Receive
The receive
operation is used to declare that your account expects to receive a certain token or asset from another account. It’s commonly used in swaps and other multi-party interactions where one party commits to sending something, and the other defines what they want in return.
This operator is added to a transaction using a builder
and is usually paired with a corresponding send
operation.
When to Use
Declaring part of a swap (e.g., “I send X, and expect to receive Y”)
Defining expected incoming tokens or assets in a contract
Building conditional transactions where value is exchanged
How it works
When performing a swap, the send()
operation defines what your account is giving, and the receive()
operation defines what you expect in return.
You create a transaction using both operations, then compute the block — but don’t publish it. The resulting unsigned block is meant to be sent to the counterparty (e.g. via QR, API, or message).
They can then verify, sign, and publish the transaction on-chain. Once published with signatures, the swap is finalized.
const signer = KeetaNet.lib.Account.fromSeed(DEMO_ACCOUNT_SEED, 0);
const client = KeetaNet.UserClient.fromNetwork('test', signer);
// Addresses
const recipient = KeetaNet.lib.Account.fromPublicKeyString('<recipient-address>');
const sendToken = KeetaNet.lib.Account.fromPublicKeyString('<abc-token-address>');
const receiveToken = KeetaNet.lib.Account.fromPublicKeyString('<xyz-token-address>');
// Amounts (assumes you’ve already fetched decimals and validated)

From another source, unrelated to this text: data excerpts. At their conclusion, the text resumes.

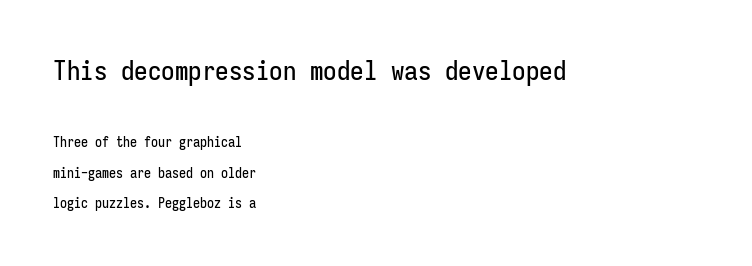
The image shows 27 px text type, upright; set left-aligned, loose line spacing (2.18x), normal letter spacing, not underlined; the first (top) block is 1.93x larger.
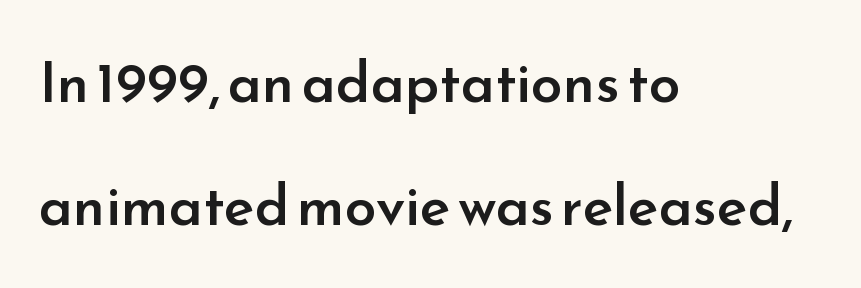
Clear beneath every line of the passage. The rendering anchors every line to the left-hand side. Weight: semibold (demi). Characters remain perfectly vertical along every line. Serifs: no, the terminals of the letterforms are clean. This sample uses plain, unmodified letter spacing.
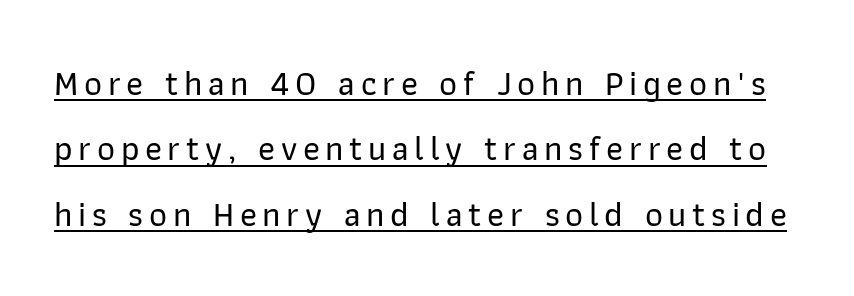
Q: Is the text italic (slanted)? A: No, it is upright.
Q: Is the typeface a serif or a sans-serif typeface? A: Sans-serif.
Q: Is the text underlined? A: Yes.
Q: Width (condensed, normal, or wide)? A: Normal.
Q: Stroke contrast? A: Low.
Q: x-height? A: Medium.
Q: Monospaced? A: No.
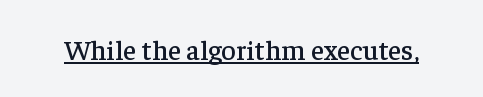
Q: Is the text italic (slanted)? A: No, it is upright.
Q: Is the typeface a serif or a sans-serif typeface? A: Serif.
Q: Is the text underlined? A: Yes.
Q: Is the spacing between letters normal or unusually wide? A: Normal.
Q: Width (condensed, normal, or wide)? A: Normal.
Q: Stroke contrast? A: Low.
Q: x-height? A: Medium.
Q: Monospaced? A: No.
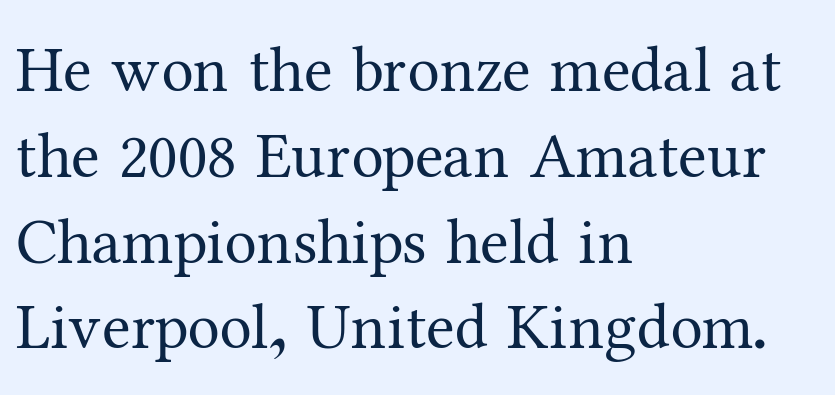
The image shows 65 px regular-weight serif type, upright; set left-aligned, normal line spacing (1.32x), normal letter spacing, not underlined; medium stroke contrast and a medium x-height.
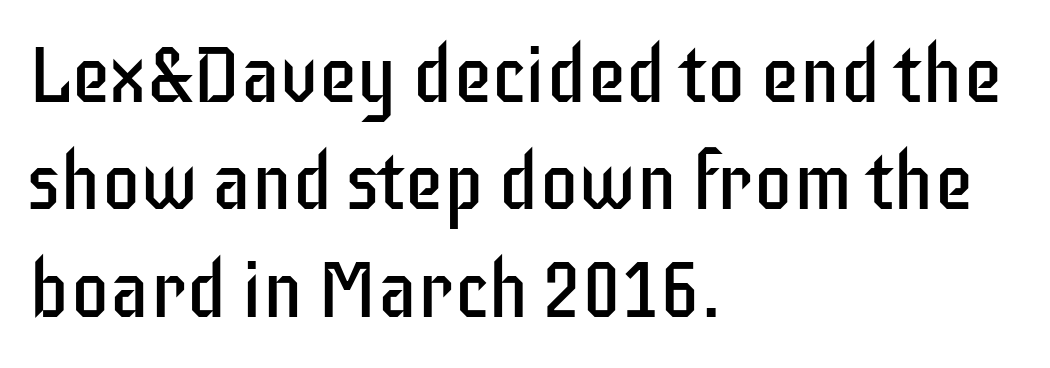
Q: Is the text bold? A: No.
Q: Is the text italic (slanted)? A: No, it is upright.
Q: Is the typeface a serif or a sans-serif typeface? A: Sans-serif.
Q: Is the text underlined? A: No.
Q: How is the paragraph aligned? A: Left-aligned.
Q: Is the spacing between letters normal or unusually wide? A: Normal.
Q: Is the spacing between lines tight, normal or loose? A: Normal.
Q: Width (condensed, normal, or wide)? A: Condensed.
Q: Stroke contrast? A: Low.
Q: x-height? A: Large.
Q: Monospaced? A: No.
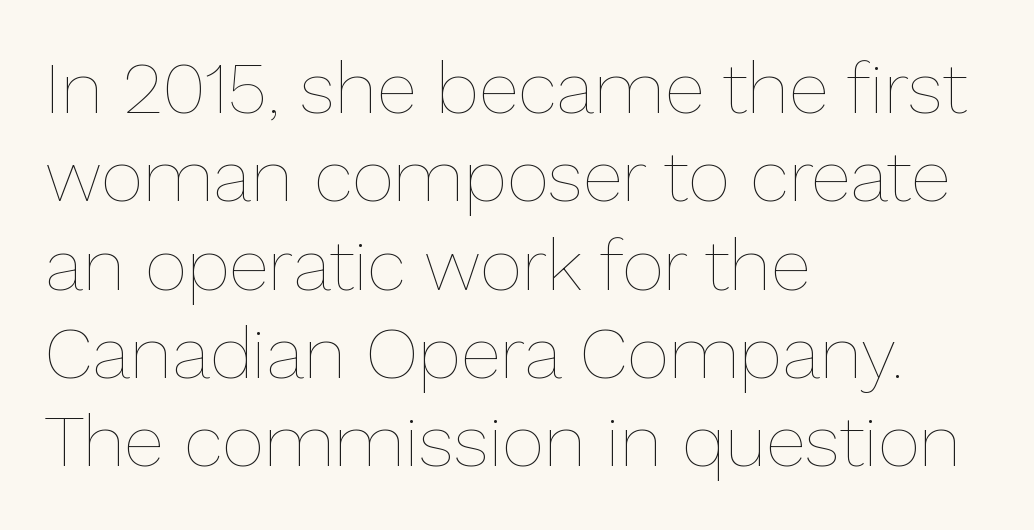
The image shows 73 px thin type, upright; set left-aligned, line spacing 1.21x, normal letter spacing, not underlined; low stroke contrast and a medium x-height.

const sendAmount = Numeric.fromDecimalString("10.0", 2); // 10 ABC
const receiveAmount = Numeric.fromDecimalString("5.0", 2); // 5 XYZ
// Create transaction
const builder = client.initBuilder();
builder.send(recipient, sendAmount.valueOf(), sendToken);
builder.receive(recipient, receiveAmount.valueOf(), receiveToken, true);
// Compute the transaction block (not yet published)
const { blocks } = await client.computeBuilderBlocks(builder);
// This unsigned block can now be signed and published by the other party
const unsignedBytes = blocks[0].toBytes();
console.log("📦 Unsigned swap block ready for signature:", unsignedBytes);
Signature Flow:
You (Party A) compute the transaction with
send()
andreceive()
.You send the unpublished block to Party B (e.g., over API or QR code).
Party B verifies it, signs it, and publishes the transaction to KeetaNet.
Done — the atomic swap is complete!
You must not publish the block yourself if you're expecting a counterparty to sign it. The final publish should be done by the party who agrees to the trade — typically the one receiving the assets.